周不辞接着说:“狗儿的轻功你也是见识过,他若不想现身,我都拿他没法子。”说完他撑起身,瞅一眼雁平丘的表情,又重新趴回去,接着说:“如今送信不便,若是担心逸王爷,狗儿正派得上大用来着。”
雁平丘心事重重,没两句便被他哄出了真话,问道:“狗儿?不好吧?太危险了。”
周不辞说:“前几日你不在,狗儿来找我,说想回去探探惠都的情况,眼下四处封锁,他倒是能来去自如。”
“这小子……”雁平丘想夸几句,又怕真让狗儿去送了命,忍了忍,将好话憋了回去。
“这也正是我想的,两军交战,我们起码先摸透对方的底细,来日商量起对策来,也不至于两眼一抹黑。”周不辞从雁平丘身上滑下来,撑着头靠在他身侧。
“我潜行的功夫比不得他,去了只怕探不出什么,况且……如今成亲了,也不想与你分开。”
雁平丘闻言心头起了热气,转身将人搂在怀裏抱了个安稳。
乱世倾颓,只怕唯有眼下这一怀暖意熨帖,才能将人自无边无际的黑夜裏捞出些许来。
但周不辞并不是出于宽慰说谎,狗儿确实来找过周不辞,只是狗儿带了些自己的私心,并未挑明,周不辞是有计较的,既是肯出力,自然辜负不得。
狗儿的私心也很简单,就是升小旗。
本来从迤城回来就要升,碰上将军受伤,他总找不到机会提一嘴,眼下这个机会再好不过,放眼望去,整个斥候营,潜行比得上他的,便是算到雁平丘枕头边上,都没一个比他强。

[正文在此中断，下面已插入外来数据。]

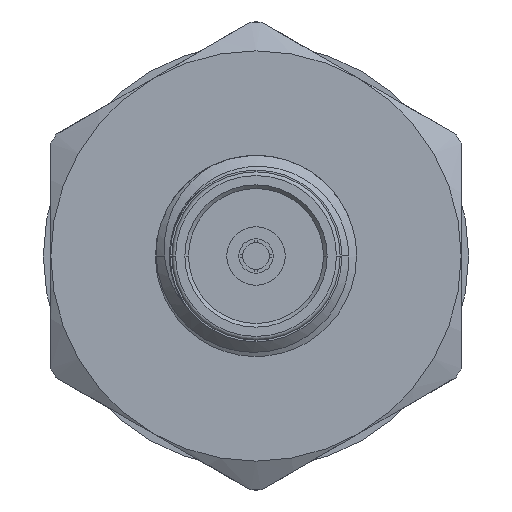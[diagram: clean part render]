
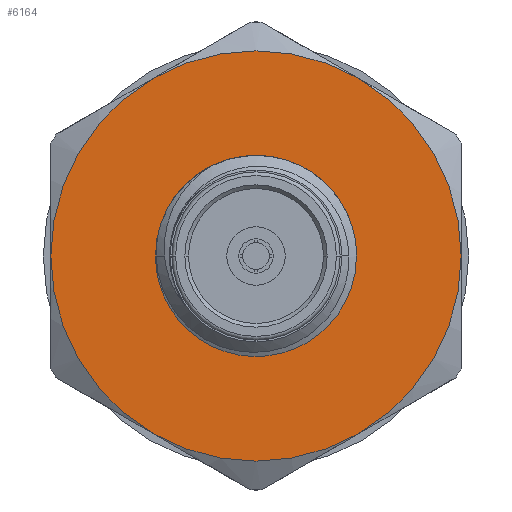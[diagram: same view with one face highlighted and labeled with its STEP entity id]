
A CAD part, left-side view. The second image highlights one B-rep face of the part: STEP entity #6164.
In plain terms, the highlighted planar face has unit normal (-1, 0, 0).
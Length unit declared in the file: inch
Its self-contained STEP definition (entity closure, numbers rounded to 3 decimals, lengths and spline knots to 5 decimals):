
#99 = AXIS2_PLACEMENT_3D ( 'NONE', #925, #6853, #5880 ) ;
#160 = CARTESIAN_POINT ( 'NONE',  ( 0.265, 0., 0. ) ) ;
#372 = CARTESIAN_POINT ( 'NONE',  ( 0.265, 0.14062, 0.24357 ) ) ;
#791 = EDGE_CURVE ( 'NONE', #10878, #10077, #9630, .T. ) ;
#925 = CARTESIAN_POINT ( 'NONE',  ( 0.265, 0., 0. ) ) ;
#966 = CARTESIAN_POINT ( 'NONE',  ( 0.265, -0.14063, -0.24357 ) ) ;
#1425 = PLANE ( 'NONE',  #7399 ) ;
#1568 = VERTEX_POINT ( 'NONE', #4656 ) ;
#2101 = VERTEX_POINT ( 'NONE', #2831 ) ;
#2153 = DIRECTION ( 'NONE',  ( 0., -1., 0. ) ) ;
#2167 = CARTESIAN_POINT ( 'NONE',  ( 0.265, 0., 0. ) ) ;
#2831 = CARTESIAN_POINT ( 'NONE',  ( 0.265, -0.28125, 0. ) ) ;
#2985 = DIRECTION ( 'NONE',  ( -1., 0., 0. ) ) ;
#3092 = CARTESIAN_POINT ( 'NONE',  ( 0.265, 0., 0. ) ) ;
#3254 = ORIENTED_EDGE ( 'NONE', *, *, #791, .F. ) ;
#3336 = EDGE_CURVE ( 'NONE', #8633, #9203, #8193, .T. ) ;
#4204 = DIRECTION ( 'NONE',  ( -1., 0., 0. ) ) ;
#4278 = FACE_BOUND ( 'NONE', #7535, .T. ) ;
#4404 = CARTESIAN_POINT ( 'NONE',  ( 0.265, 0.23883, 0. ) ) ;
#4656 = CARTESIAN_POINT ( 'NONE',  ( 0.265, 0.14062, -0.24357 ) ) ;
#4806 = CARTESIAN_POINT ( 'NONE',  ( 0.265, -0.07518, 0. ) ) ;
#5107 = CARTESIAN_POINT ( 'NONE',  ( 0.265, 0.07518, 0. ) ) ;
#5187 = ORIENTED_EDGE ( 'NONE', *, *, #7801, .F. ) ;
#5193 = ORIENTED_EDGE ( 'NONE', *, *, #8027, .T. ) ;
#5229 = DIRECTION ( 'NONE',  ( 0., -1., 0. ) ) ;
#5552 = AXIS2_PLACEMENT_3D ( 'NONE', #2167, #6526, #9211 ) ;
#5616 = CIRCLE ( 'NONE', #99, 0.28125 ) ;
#5660 = FACE_OUTER_BOUND ( 'NONE', #7282, .T. ) ;
#5689 = DIRECTION ( 'NONE',  ( -1., 0., 0. ) ) ;
#5705 = EDGE_CURVE ( 'NONE', #9203, #8429, #9577, .T. ) ;
#5777 = CARTESIAN_POINT ( 'NONE',  ( 0.265, 0., 0. ) ) ;
#5880 = DIRECTION ( 'NONE',  ( 0., -1., 0. ) ) ;
#6075 = ORIENTED_EDGE ( 'NONE', *, *, #5705, .T. ) ;
#6164 = ADVANCED_FACE ( 'NONE', ( #4278, #5660 ), #1425, .F. ) ;
#6191 = AXIS2_PLACEMENT_3D ( 'NONE', #3092, #4204, #9989 ) ;
#6360 = AXIS2_PLACEMENT_3D ( 'NONE', #9101, #11032, #5229 ) ;
#6448 = DIRECTION ( 'NONE',  ( 0., 1., 0. ) ) ;
#6526 = DIRECTION ( 'NONE',  ( -1., 0., 0. ) ) ;
#6603 = AXIS2_PLACEMENT_3D ( 'NONE', #160, #2985, #2153 ) ;
#6702 = DIRECTION ( 'NONE',  ( 0., -1., 0. ) ) ;
#6704 = AXIS2_PLACEMENT_3D ( 'NONE', #5777, #5689, #6702 ) ;
#6738 = ORIENTED_EDGE ( 'NONE', *, *, #11600, .T. ) ;
#6853 = DIRECTION ( 'NONE',  ( -1., 0., 0. ) ) ;
#7024 = AXIS2_PLACEMENT_3D ( 'NONE', #10881, #11037, #10037 ) ;
#7276 = CIRCLE ( 'NONE', #6603, 0.28125 ) ;
#7282 = EDGE_LOOP ( 'NONE', ( #6075, #10662, #5193, #6738, #11306, #11551 ) ) ;
#7385 = CARTESIAN_POINT ( 'NONE',  ( 0.265, 0., 0. ) ) ;
#7399 = AXIS2_PLACEMENT_3D ( 'NONE', #4404, #9085, #6448 ) ;
#7535 = EDGE_LOOP ( 'NONE', ( #3254, #5187 ) ) ;
#7801 = EDGE_CURVE ( 'NONE', #10077, #10878, #8450, .T. ) ;
#8027 = EDGE_CURVE ( 'NONE', #1568, #9583, #12524, .T. ) ;
#8193 = CIRCLE ( 'NONE', #6360, 0.28125 ) ;
#8429 = VERTEX_POINT ( 'NONE', #8516 ) ;
#8450 = CIRCLE ( 'NONE', #5552, 0.07518 ) ;
#8467 = DIRECTION ( 'NONE',  ( 0., -1., 0. ) ) ;
#8516 = CARTESIAN_POINT ( 'NONE',  ( 0.265, 0.28125, 0. ) ) ;
#8633 = VERTEX_POINT ( 'NONE', #9261 ) ;
#9085 = DIRECTION ( 'NONE',  ( 1., 0., 0. ) ) ;
#9101 = CARTESIAN_POINT ( 'NONE',  ( 0.265, 0., 0. ) ) ;
#9203 = VERTEX_POINT ( 'NONE', #372 ) ;
#9211 = DIRECTION ( 'NONE',  ( 0., -1., 0. ) ) ;
#9261 = CARTESIAN_POINT ( 'NONE',  ( 0.265, -0.14063, 0.24357 ) ) ;
#9385 = DIRECTION ( 'NONE',  ( -1., 0., 0. ) ) ;
#9577 = CIRCLE ( 'NONE', #9966, 0.28125 ) ;
#9583 = VERTEX_POINT ( 'NONE', #966 ) ;
#9630 = CIRCLE ( 'NONE', #7024, 0.07518 ) ;
#9707 = CIRCLE ( 'NONE', #6704, 0.28125 ) ;
#9966 = AXIS2_PLACEMENT_3D ( 'NONE', #7385, #9385, #8467 ) ;
#9989 = DIRECTION ( 'NONE',  ( 0., -1., 0. ) ) ;
#10037 = DIRECTION ( 'NONE',  ( 0., -1., 0. ) ) ;
#10077 = VERTEX_POINT ( 'NONE', #5107 ) ;
#10351 = EDGE_CURVE ( 'NONE', #8429, #1568, #9707, .T. ) ;
#10662 = ORIENTED_EDGE ( 'NONE', *, *, #10351, .T. ) ;
#10878 = VERTEX_POINT ( 'NONE', #4806 ) ;
#10881 = CARTESIAN_POINT ( 'NONE',  ( 0.265, 0., 0. ) ) ;
#11032 = DIRECTION ( 'NONE',  ( -1., 0., 0. ) ) ;
#11037 = DIRECTION ( 'NONE',  ( -1., 0., 0. ) ) ;
#11306 = ORIENTED_EDGE ( 'NONE', *, *, #12037, .T. ) ;
#11551 = ORIENTED_EDGE ( 'NONE', *, *, #3336, .T. ) ;
#11600 = EDGE_CURVE ( 'NONE', #9583, #2101, #7276, .T. ) ;
#12037 = EDGE_CURVE ( 'NONE', #2101, #8633, #5616, .T. ) ;
#12524 = CIRCLE ( 'NONE', #6191, 0.28125 ) ;

狗儿自信地啃着馕饼,这叫什么,这就是活该他狗爷出头。
于是雁平丘这日晌午,将狗儿唤来军营,遂了他的愿。
雁平丘使个眼色,让老熊将小旗的制服递给狗儿,惊喜来得太快,狗儿一时没反应过来,楞在原地,直到熊校尉拿手肘捅咕他,才如梦初醒地接过制服,正要下跪,被雁平丘拉住了。
雁平丘说:“既做了小旗,就起个威风的名字,狗儿狗儿的,不像话。”
狗儿眼角酸胀,吸了吸鼻子,说:“回将军,那时候太小,记不得爹娘的名姓了。”
雁平丘说:“猜到了,人既守在雁守,就与我一同姓雁吧。”
狗儿抹了把眼泪,猛烈地点了点头,在心裏默默地记下了日子,这是他第一次有了姓名的日子。
狗儿问:“将军,我姓雁!那我叫啥!”
雁平丘被问住了,他也没想好,想了一晚上,大力,一刀,飞龙,猛虎,无敌……他说一个,周不辞就笑话一顿,他认真说,周不辞认真笑,最后雁平丘翻身睡了,气得不理人。
周不辞说:“南璋,雁南璋,意思是……”
“真好听!!!”狗儿激动地跪下来,举着衣服要给周不辞磕头,意思是什么不重要,他觉得自己的名字是此刻世上最最好听的名字。
周不辞拉着狗儿,叮嘱道:“你说要去,我自是知道你的能耐,此去只管打探消息,旁的都不急,有任何情况,只管回来说与将军听,万不可擅自行动。”
狗儿站得笔直,向雁平丘和周不辞行了礼,走的时候腿都乐麻了。
夜裏,狗儿回到斥候营,见月奴红着眼眶在门口等他,不解地问:“怎的?有人欺负你了?”
“雁小狗!”月奴气急败坏,“你要去惠都怎的不带我!”
“因为……”狗儿要开口辩解,被月奴打断道:“你如今有了名姓,当了小旗,你知道吗!话本裏创业未半中道送命的倒霉家伙,临行前都有这般好事!”
每当月奴掉他那半死不活的书袋,狗儿就一个头两个大,只能听懂一半。眼下月奴跟他闹,他只好不明就裏地垂着头挨骂。
月奴骂累了,见狗儿没反应,拽了拽狗儿的袖子,说:“狗哥,此去凶险,你可千万不能像话本裏那些人一样送了命,不然我可一定去找你。”
狗儿看他哭得眼睛都肿起一圈,知道他是真的担心得狠了,抬手揉揉他的头发,认真地说:“放心,你狗哥厉害着呢!给你带南边好吃的回来。”
于是狗儿这一次终于换上一条崭新的裤子,骑着他自己挑中的一批棕色骏马,飞一般冲出了雁守城门,一路向南而去。